In this paper, the influence of the deposition conditions together with post-annealing treatment on the properties and passivation effect of the LPD SiO2 film was systematically investigated. It was found that an annealing temperature higher than 700°C was required to obtain a high-quality passivation effect of the LPD SiO2 film. Moreover, the film had an excellent passivation effect on both p-type and n-type silicon wafers but a better passivation effect on n-type, suggesting the simultaneous presence of chemical passivation and field-effect passivation.
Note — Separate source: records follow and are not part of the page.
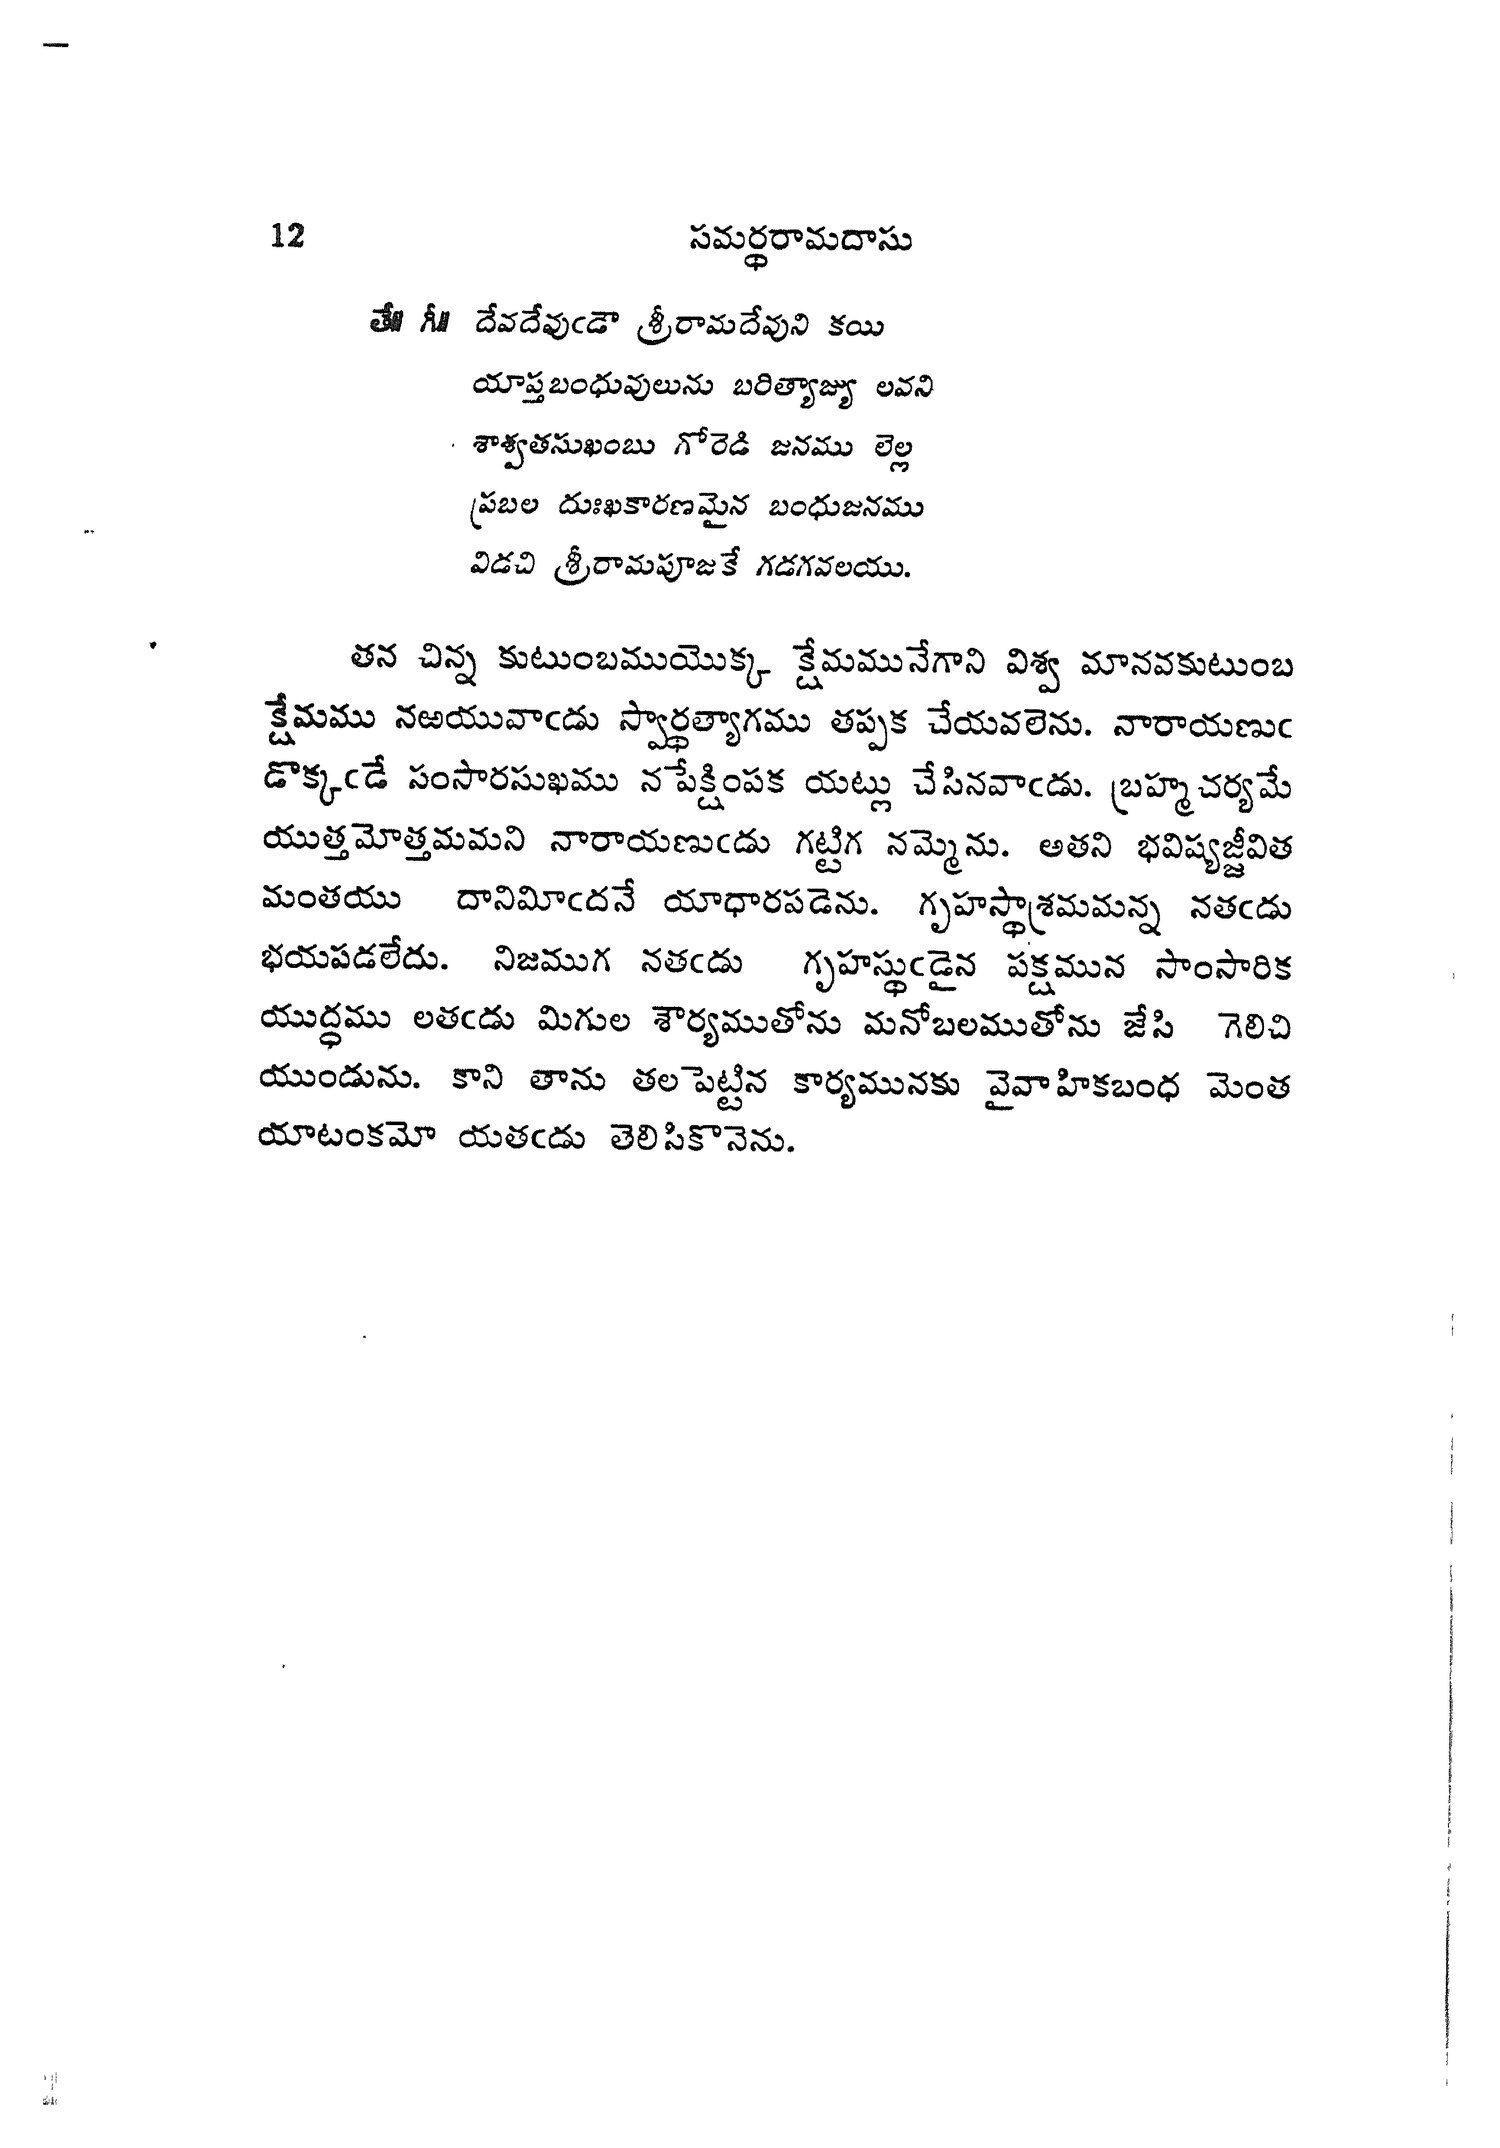తే. గీ. దేవదేవుడౌ శ్రీరామదేవుని కయి
 యాప్తబంధువులును బరిత్యాజ్యు లవని
 శాశ్వతసుఖంబు గోరెడి జనము లెల్ల 
 ప్రబల దు:ఖకారణమైన బంధుజనము
 విడచి శ్రీరామపూజకే గడగవలయు.

తన చిన్న కుటుంబముయొక్క క్షేమమునేగాని విశ్వ మానవకుటుంబ క్షేమము నఱయువాడు స్వార్థత్యాగము తప్పక చేయవలెను. నారాయణు డొక్కడే సంసారసుఖము నపేక్షింపక యట్లు చేసినవాడు. బ్రహ్మచర్యమే యుత్తమోత్తమమని నారాయణుడు గట్టిగ నమ్మెను. అతని భవిష్యజ్జీవిత మంతయు దానిమీదనే యాధారపడెను. గృహస్థాశ్రమమన్న నతడు భయపడలేదు. నిజముగ నతడు గృహస్థుడైన పక్షమున సంసారిక యుద్ధము లతడు మిగుల శౌర్యముతోను మనోబలముతోను జేసి గెలిచి యుండును. కాని తాను తల పెట్టిన కార్యమునకు వైవాహికబంధ మెంత యాటంకమో యతడు తెలిసికొనెను.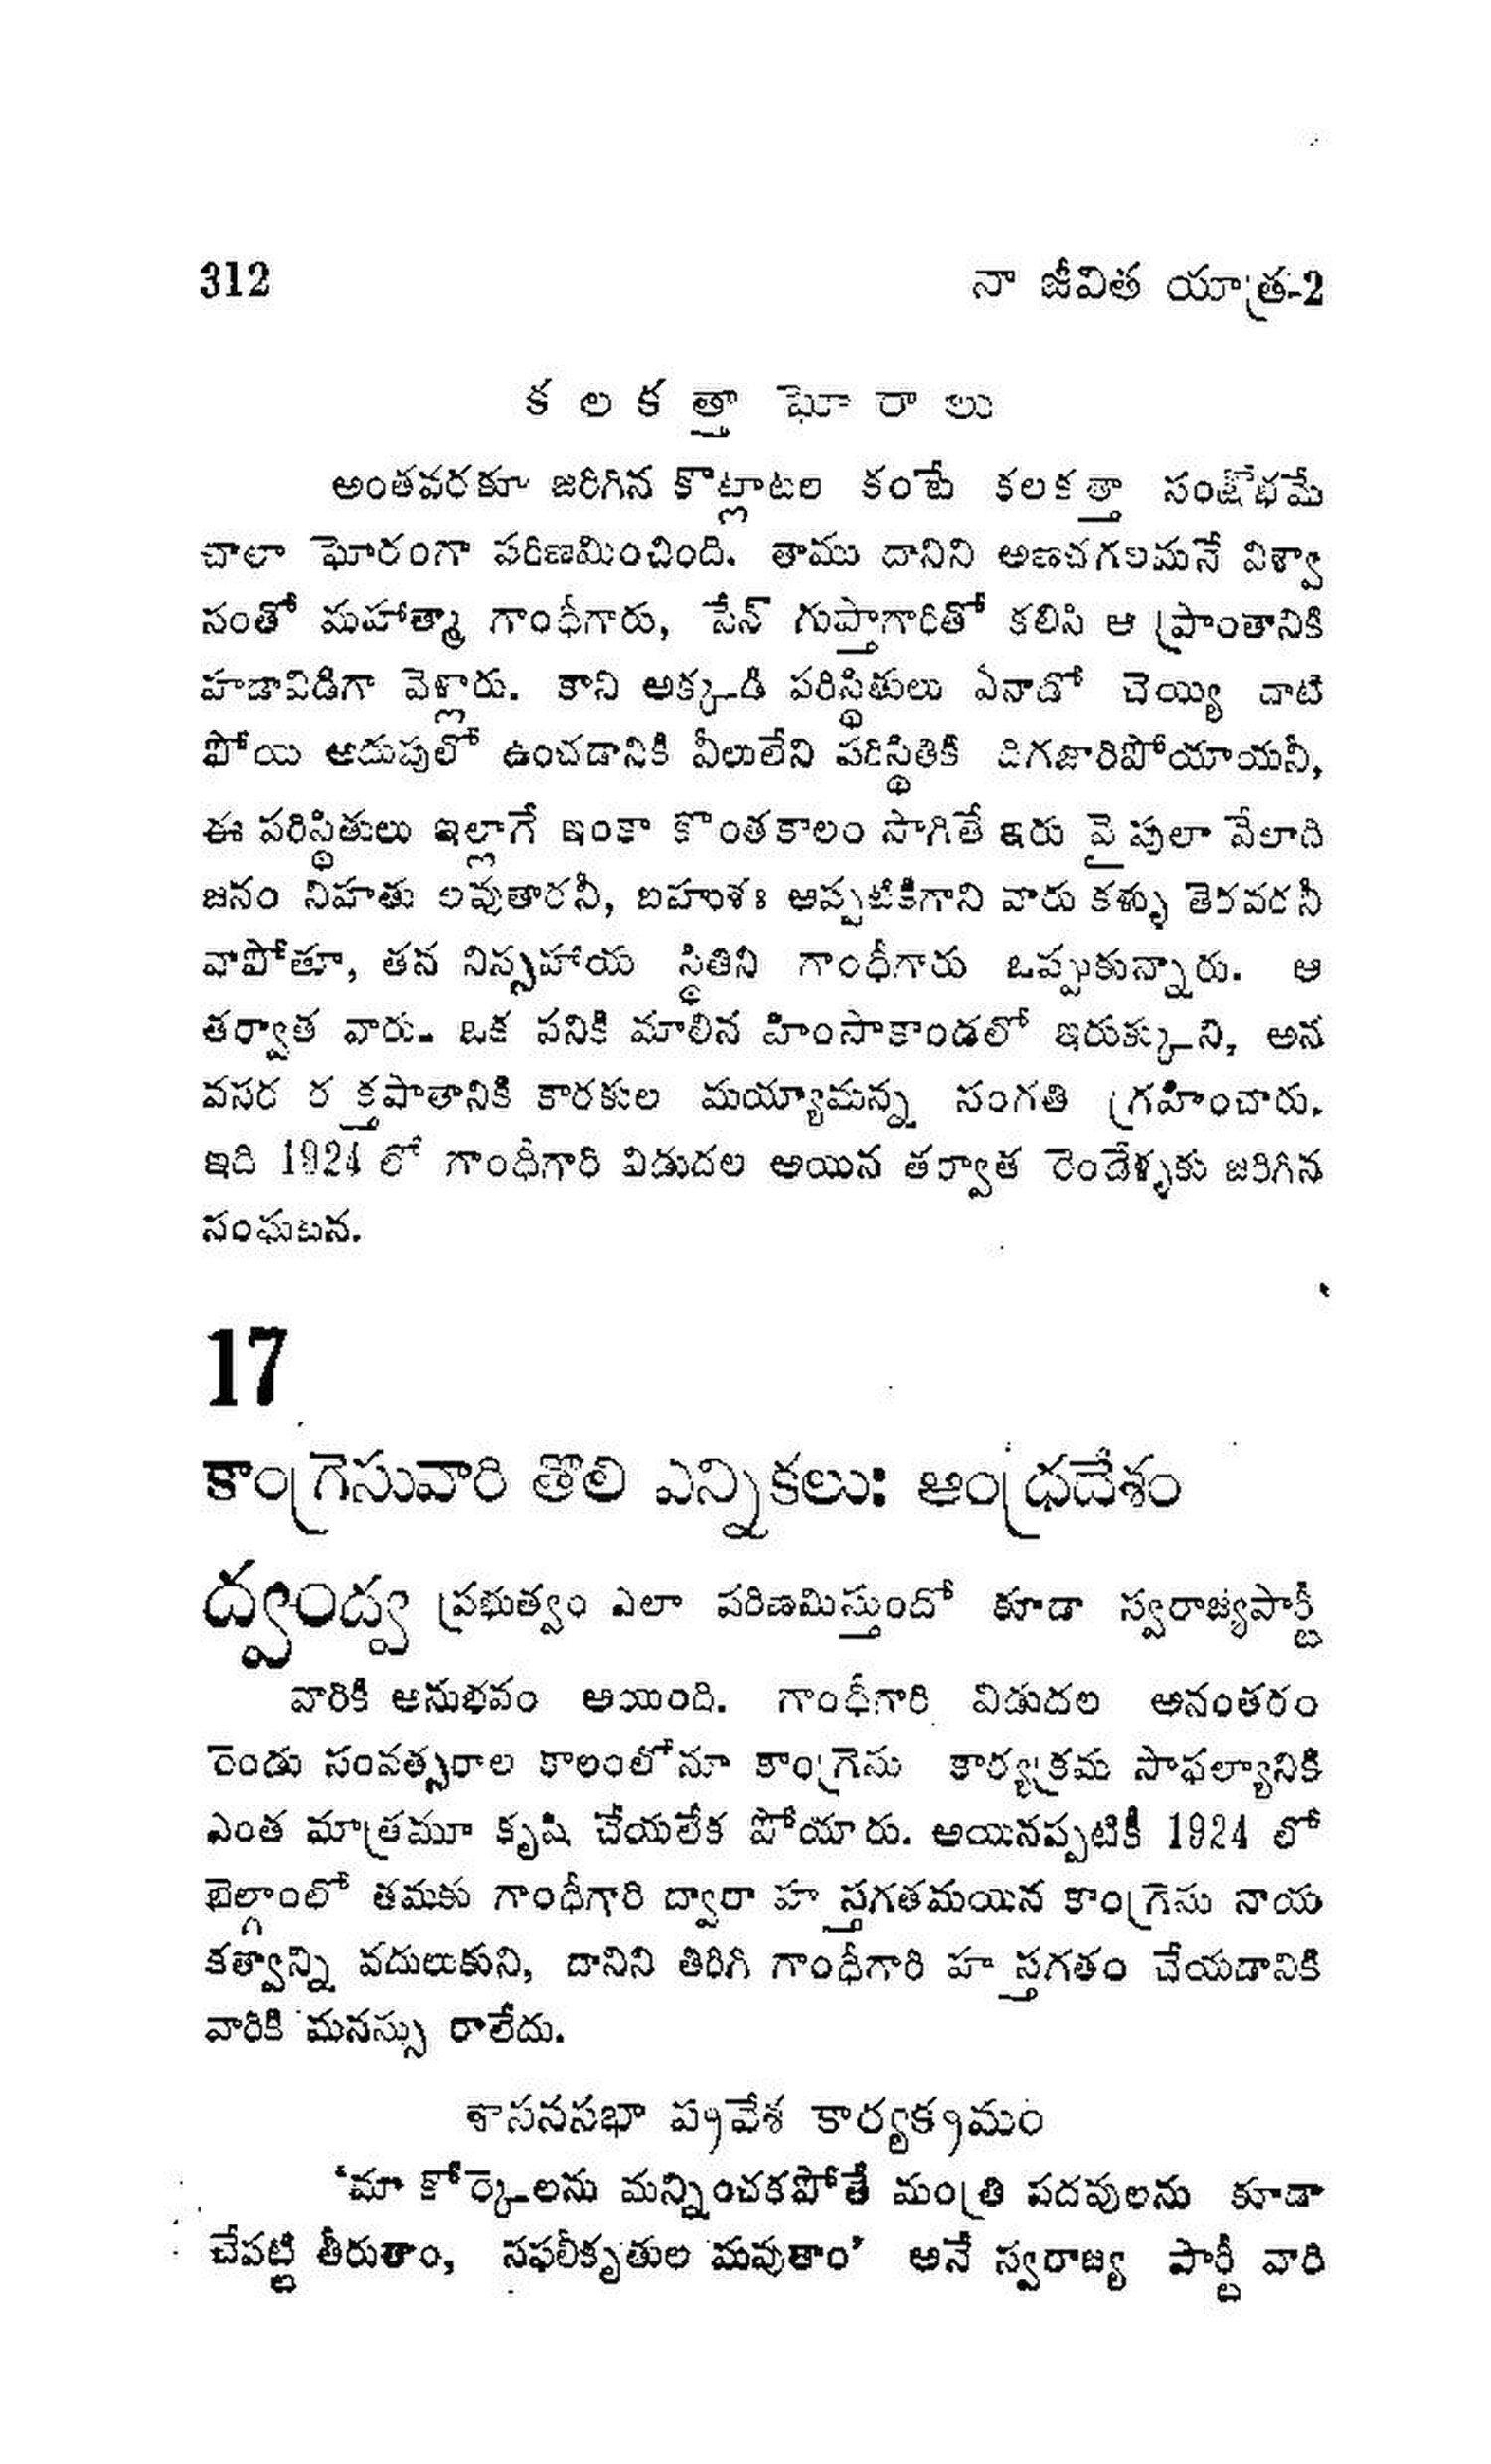అంతవరకూ జరిగిన కొట్లాటల కంటే కలకత్తా సంక్షోభమే చాలా ఘోరంగా పరిణమించింది. తాము దానిని అణచగలమనే విశ్వాసంతో మహాత్మా గాంధీగారు, సేన్ గుప్తాగారితో కలిసి ఆ ప్రాంతానికి హడావిడిగా వెళ్ళారు, కాని అక్కడి పరిస్థితులు ఏనాడో చెయ్యి దాటిపోయి అదుపులో ఉంచడానికి వీలులేని పరిస్థితికి దిగజారిపోయాయనీ, ఈ పరిస్థితులు ఇల్లాగే ఇంకా కొంతకాలం సాగితే ఇరు వైపులా వేలాది జనం నిహతు లవుతారనీ, బహుశ: అప్పటికిగాని వారు కళ్ళు తెరవరనీ వాపోతూ, తన నిస్సహాయ స్థితిని గాంధీగారు ఒప్పుకున్నారు. అ తర్వాత వారు-ఒక పనికి మాలిన హింసాకాండలో ఇరుక్కుని, అనవసర రక్తపాతానికి కారకుల మయ్యామన్న సంగతి గ్రహించారు. ఇది 1924 లో గాంధీగారి విడుదల అయిన తర్వాత రెండేళ్ళకు జరిగిన సంఘటన.

ద్వంద్వ ప్రభుత్వం ఎలా పరిణమిస్తుందో కూడా స్వరాజ్యపార్టీ వారికి అనుభవం అయింది. గాంధీగారి విడుదల అనంతరం రెండు సంవత్సరాల కాలంలోనూ కాంగ్రెసు కార్యక్రమ సాఫల్యానికి ఎంత మాత్రమూ కృషి చేయలేక పోయారు. అయినప్పటీకి 1924 లో బెల్గాంలో తమకు గాంధీగారి ద్వారా హస్తగతమయిన కాంగ్రెసు నాయకత్వాన్ని వదులుకుని, దానిని తిరిగి గాంధీగారి హస్తగతం చేయడానికి వారికి మనస్సు రాలేదు.

"మా కోర్కెలను మన్నించకపోతే మంత్రి పదవులను కూడా చేపట్టి తీరుతాం, సఫలీకృతుల మవుతాం" అనే స్వరాజ్య పార్టీ వారి

Though the deposition conditions did not have much influence on the passivation effect of the LPD SiO2 film, they affected the deposition rate. A medium concentration of H2SiF6 (1.5 M) and a medium temperature (50°C) were suggested to be the optimal deposition conditions based on the tradeoff of material cost, thermal cost and deposition rate. This optimized LPD SiO2 film was successfully applied to silicon solar cells as the front surface passivation layer, achieving a convention efficiency of 19.5% on a large scale (156 mm × 156 mm).
Experimental details
Deposition of SiO2 film
The whole deposition system mainly consists of a Teflon beaker containing a silica-supersaturated hydrofluosilicic acid (H2SiF6) solution, a holder for holding silicon wafers and a magnetic stirring apparatus (90-18, Shanghai Sile Instrument Co., Ltd.). The solution temperature was controlled by using the water bath method. To prepare the silica-supersaturated H2SiF6 solution, silicic acid powders (99.9%, Sigma-Aldrich) were added to a raw H2SiF6 solution (33.5%–35%, Sigma-Aldrich) and stirred at 400 r/min for 20 min at room temperature to obtain the silica-saturated H2SiF6 solution. The concentration of H2SiF6 in the silica-saturated solution was 3.09 M. Then, an appropriate amount of deionized (DI) water was added to the silica-saturated H2SiF6 solution to form the silica-supersaturated solution which was directly used for the SiO2 deposition. The concentration of H2SiF6 in the supersaturated solution was controlled by the amount of the DI water added. The substrates utilized for SiO2 deposition were Czochralski (Cz) silicon with a resistivity of 1–3 W·cm for p-type and 3–4 W·cm for n-type and a thickness of 200 mm. Before depositing SiO2 film, the substrates were pretreated by being dipped into diluted HF solution and diluted HCl solution to remove the natural silicon dioxide and metallic ions, and then immersed into DI water to gain OH-terminated surface, which substantially facilitated the growth of the SiO2 film [ 6]. After these pretreatments, the silicon wafers were immersed in the supersaturated solution with the controlled concentration of H2SiF6 and temperature to deposit SiO2 films.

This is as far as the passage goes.